3.4. Interpretação de «Noção Geográfica»

3.4.1. Preposição voz «off»

Em “Preposição - voz «off»”, o sujeito poético verbaliza, em forma de Proposição, no início do poema, o que se propõe “cantar”, colocando em evidência o desejo de fixação de um tempo de importância histórica, o registo do tempo pela palavra escrita, perene, que ultrapassa todos os acontecimentos, tempo digno de menção, que vai permanecendo pela sua cíclica reescrita: «um tempo tanto importa/ de fartura quanto de surda seca se devolvido à noite/um nome dado aos corpos para demandar a chuva» (Est. I, vv. 1-3, p. 59). Torna-se, assim, necessário trazer a História para o tempo da vigília, evitando que ela permaneça na noite do esquecimento. A escrita poética manifesta intenção de retirar o tempo da sua condição cósmica atemporal, torná-lo cronológico, salvá-lo da condição esquecível, do alheamento, e à escrita cabe agora esse papel. Contudo, o que o sujeito poético parece propor é o verbo épico, engrandecedor, «Uma palavra que arboresça as mãos e amadureça os frutos» (Est. I, v. 4), o verso enaltecedor das mãos que fazem, assim como dos frutos feitos, parecendo a letra sonora anunciar-se como seio germinador de semente, de nascimento, a palavra que o desejo da da escrita engravidou, numa árdua mas fértil viagem, à altura do objecto que se aspira entoar (Est. II).

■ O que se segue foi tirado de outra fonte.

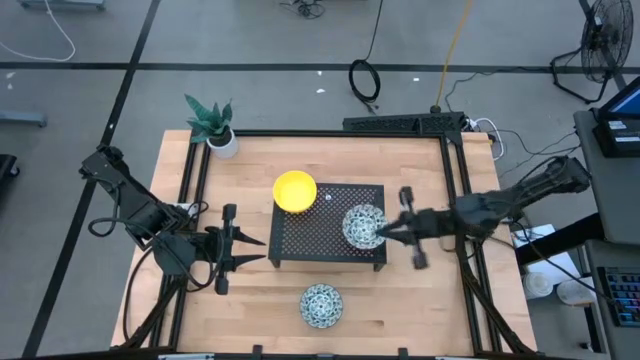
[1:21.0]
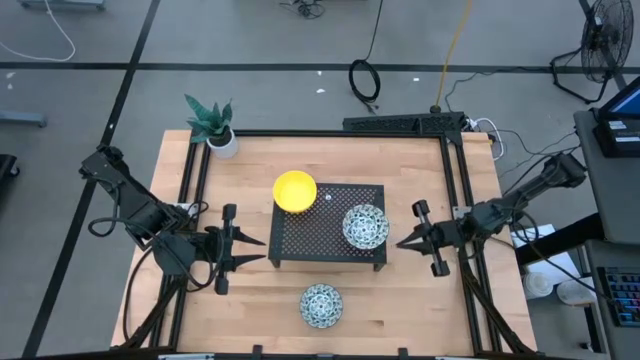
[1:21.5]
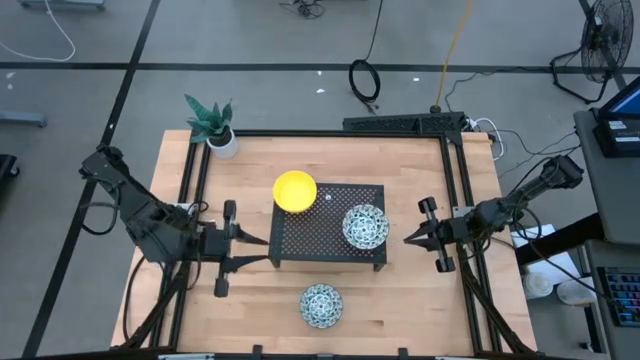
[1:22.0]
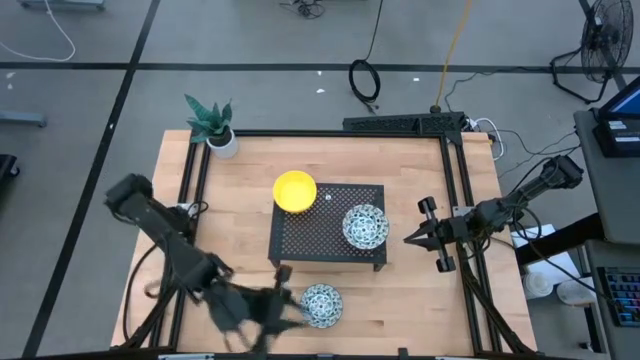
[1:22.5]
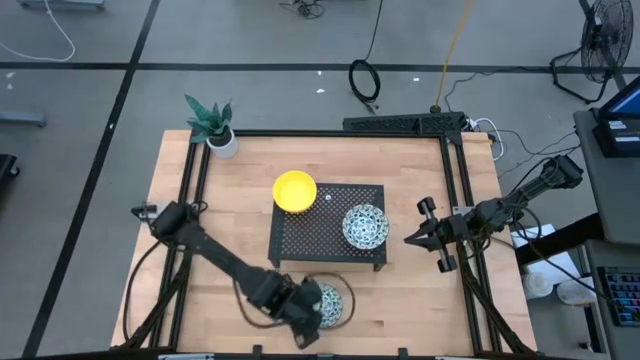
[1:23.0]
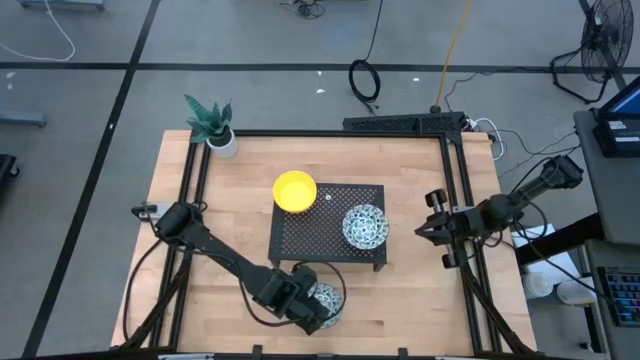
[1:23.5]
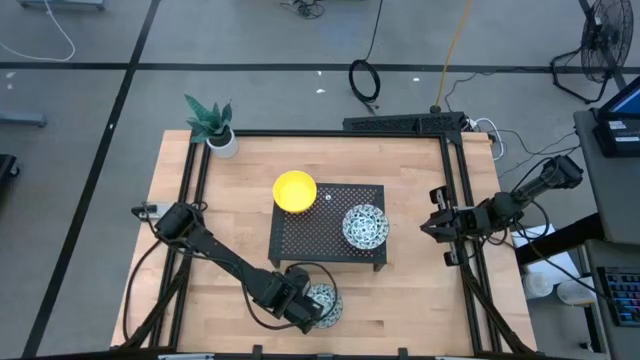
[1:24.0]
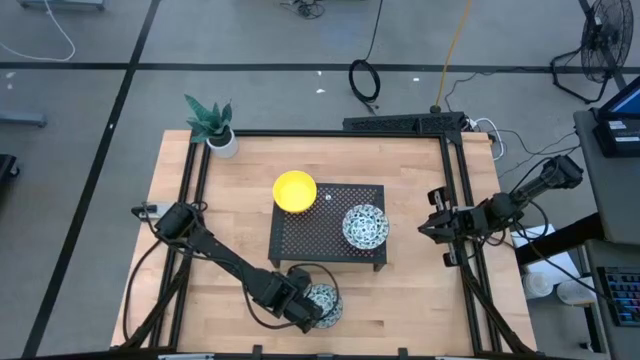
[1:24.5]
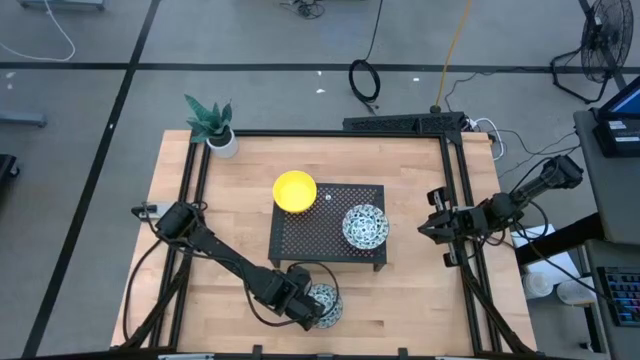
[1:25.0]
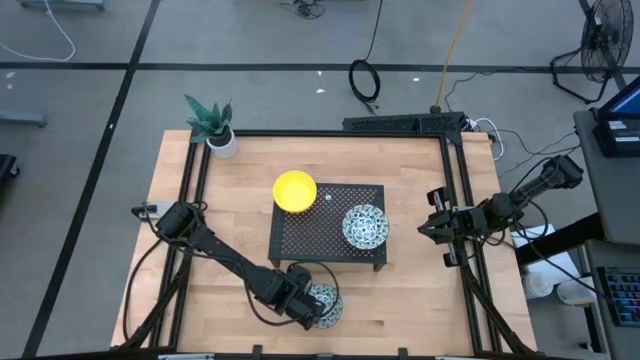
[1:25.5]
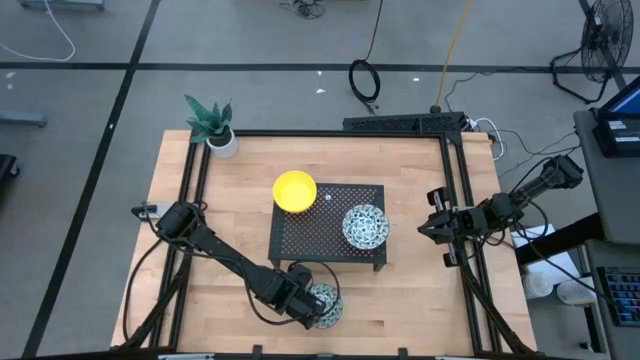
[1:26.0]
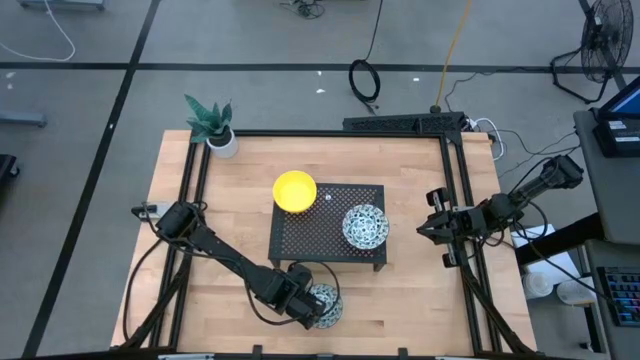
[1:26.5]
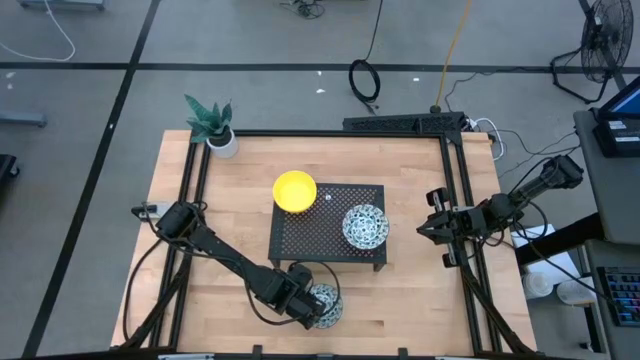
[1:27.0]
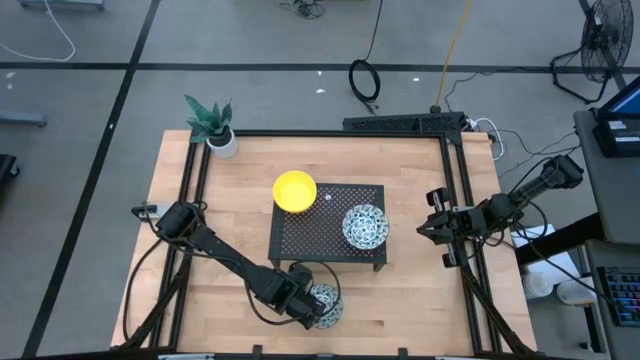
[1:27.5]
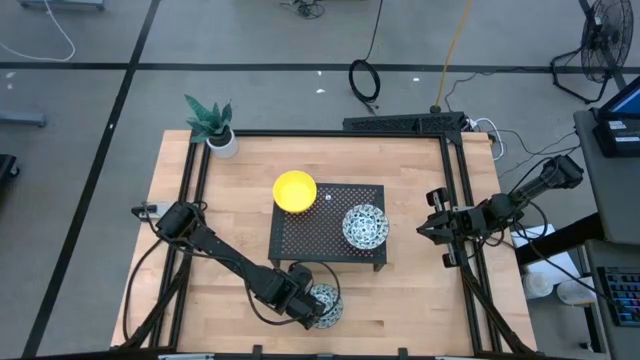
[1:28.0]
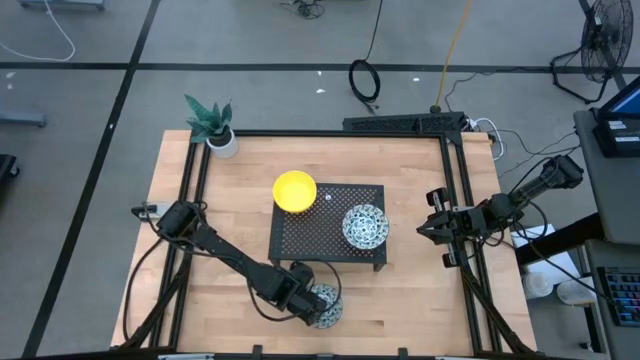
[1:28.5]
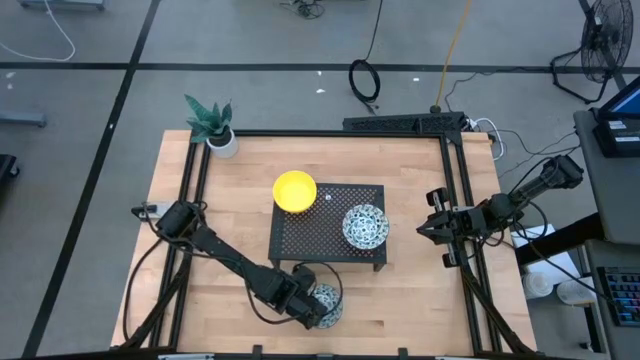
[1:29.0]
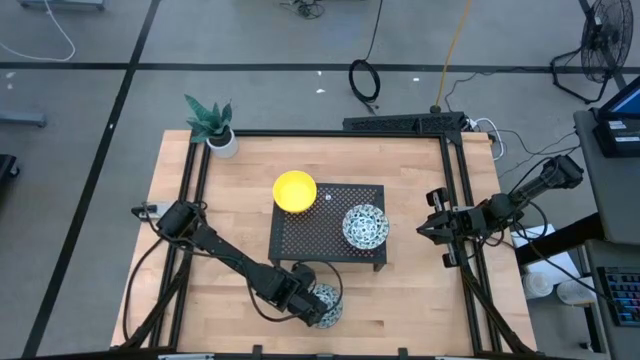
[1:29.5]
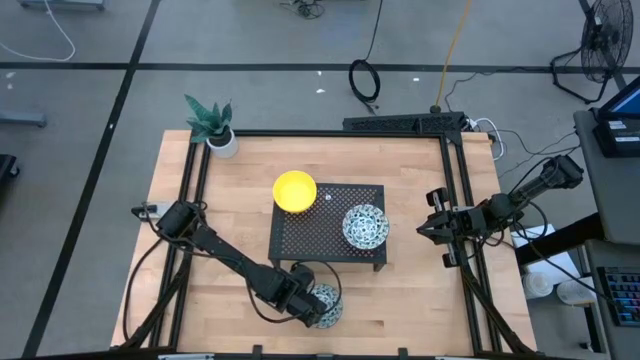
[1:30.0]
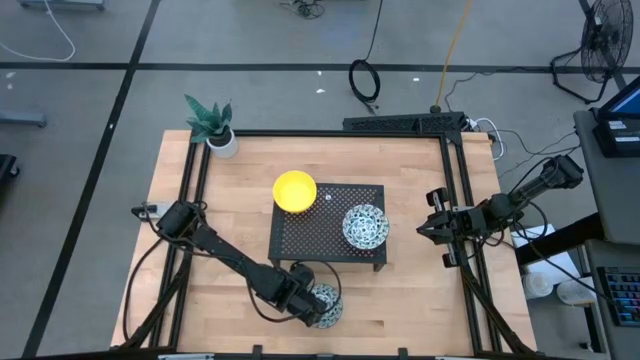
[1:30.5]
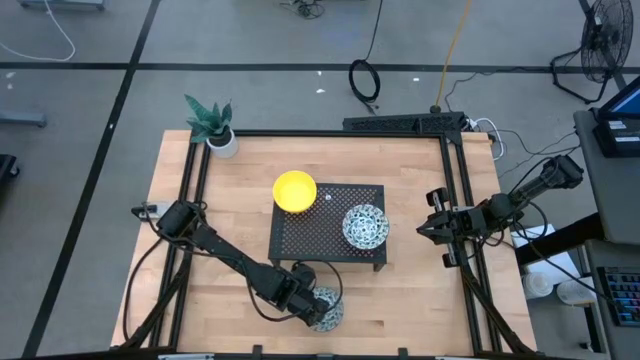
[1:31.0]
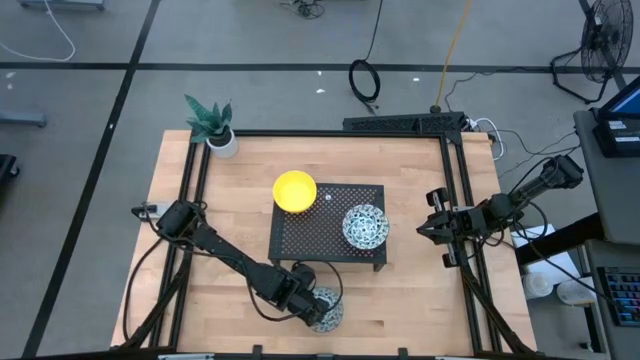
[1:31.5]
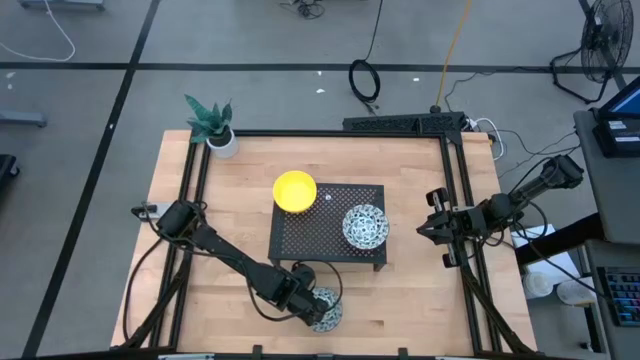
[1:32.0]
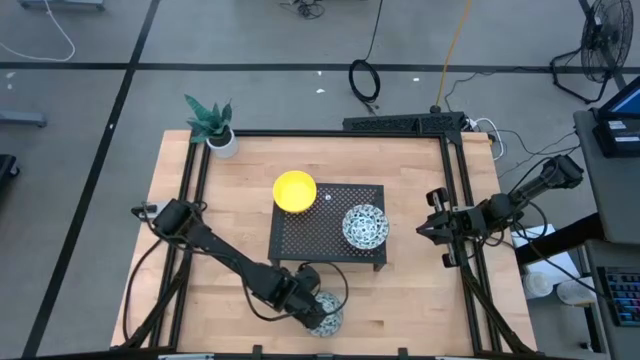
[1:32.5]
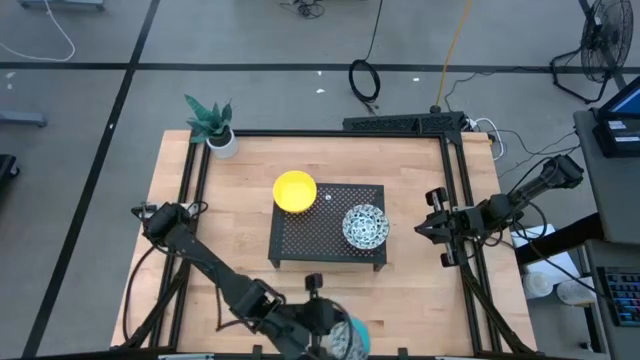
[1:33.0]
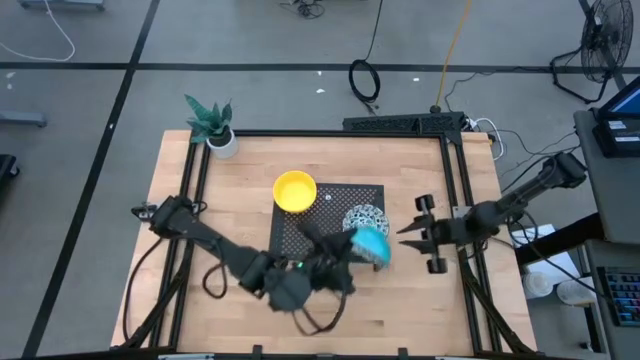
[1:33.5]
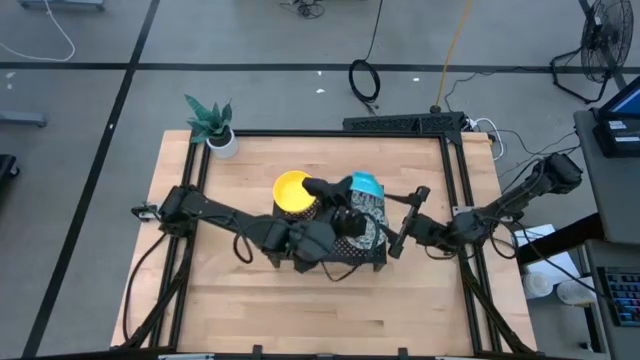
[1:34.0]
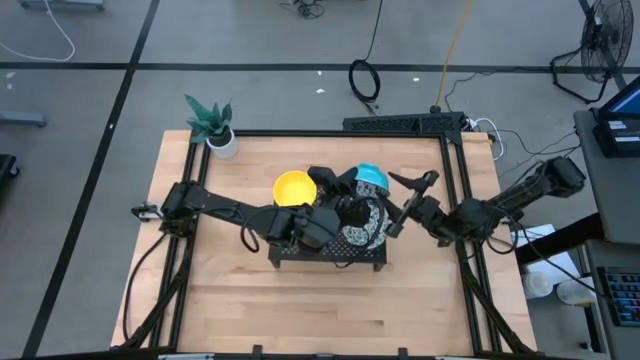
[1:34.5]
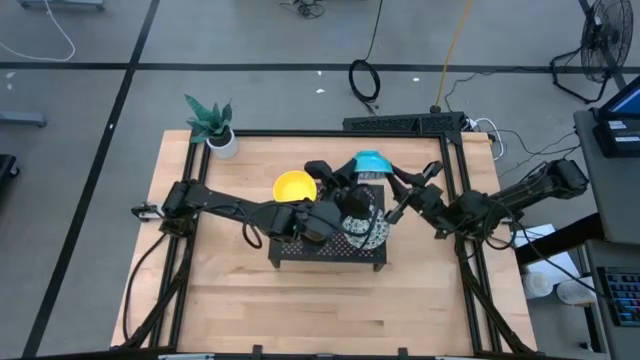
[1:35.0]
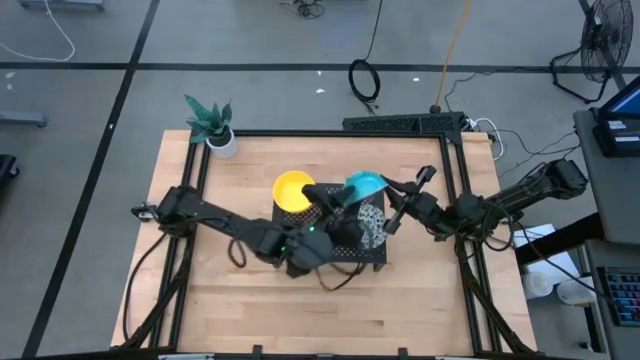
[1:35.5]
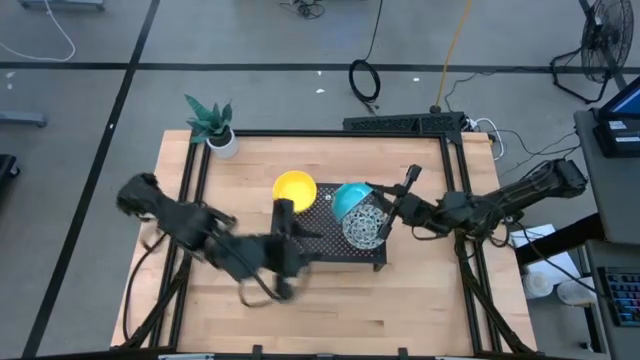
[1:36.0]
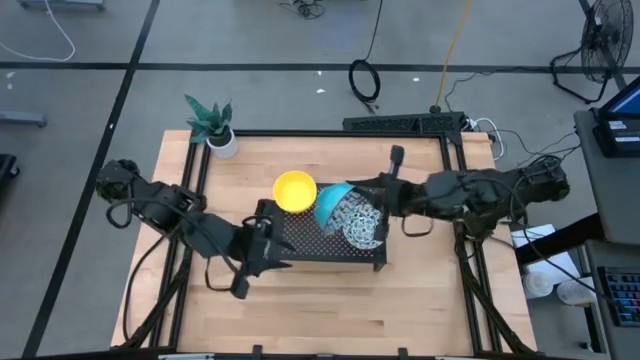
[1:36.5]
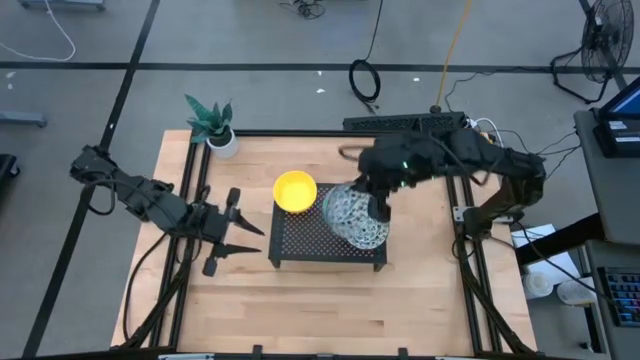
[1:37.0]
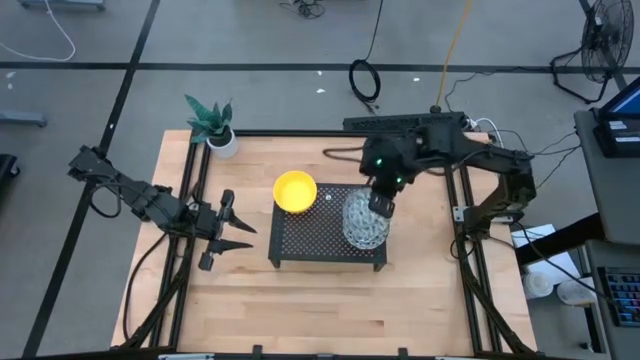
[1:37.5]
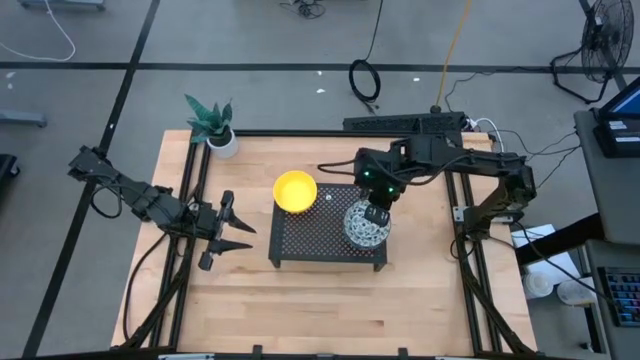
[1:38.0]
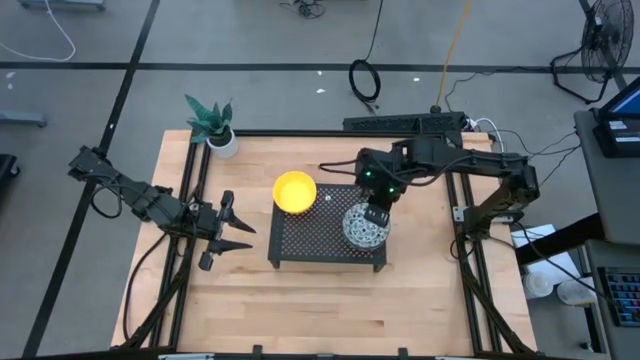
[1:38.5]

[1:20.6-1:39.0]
Task: Pick & Place Mini bowls
Stack the white patterned bowl on top of the white patterned bowl on the shelf

Assim, as duas estrofes iniciais da composição em estudo sugerem uma Proposição épica, em que se enuncia, num tom eloquente e exaltador do corpo humano, o anseio de responder ao chamamento da terra africana, persona com a qual se transmuta, em vontade realizada na força da partida, para a digressão continental da escrita, que percorrerá, de lés a lés, o mapa geográfico de África, focalizando as suas bioregiões, costas marítimas, regiões climáticas, os seus solos e actividades ligadas ao

uso da terra, particularmente à pastorícia, assim como à História de África, na sua diversidade cultural. O eu poético parte em busca desse corpo - « [abala] em busca da fogueira, um halo, um fogo, a labareda» (Est. III, vv. 1, 2, p. 59) - , como que invocando inspiração para a grandiosa tarefa da escrita133, que inscreve, desde logo, a temática da viagem, um possível percurso iniciático, efectuado por um eu, que se excede de si e parte em demanda de uma essência, ou de outros eus: «capaz de emparceirar com corpos e comungar conforto/ a céu aberto» (Est. III, vv. 3, 4, p. 59).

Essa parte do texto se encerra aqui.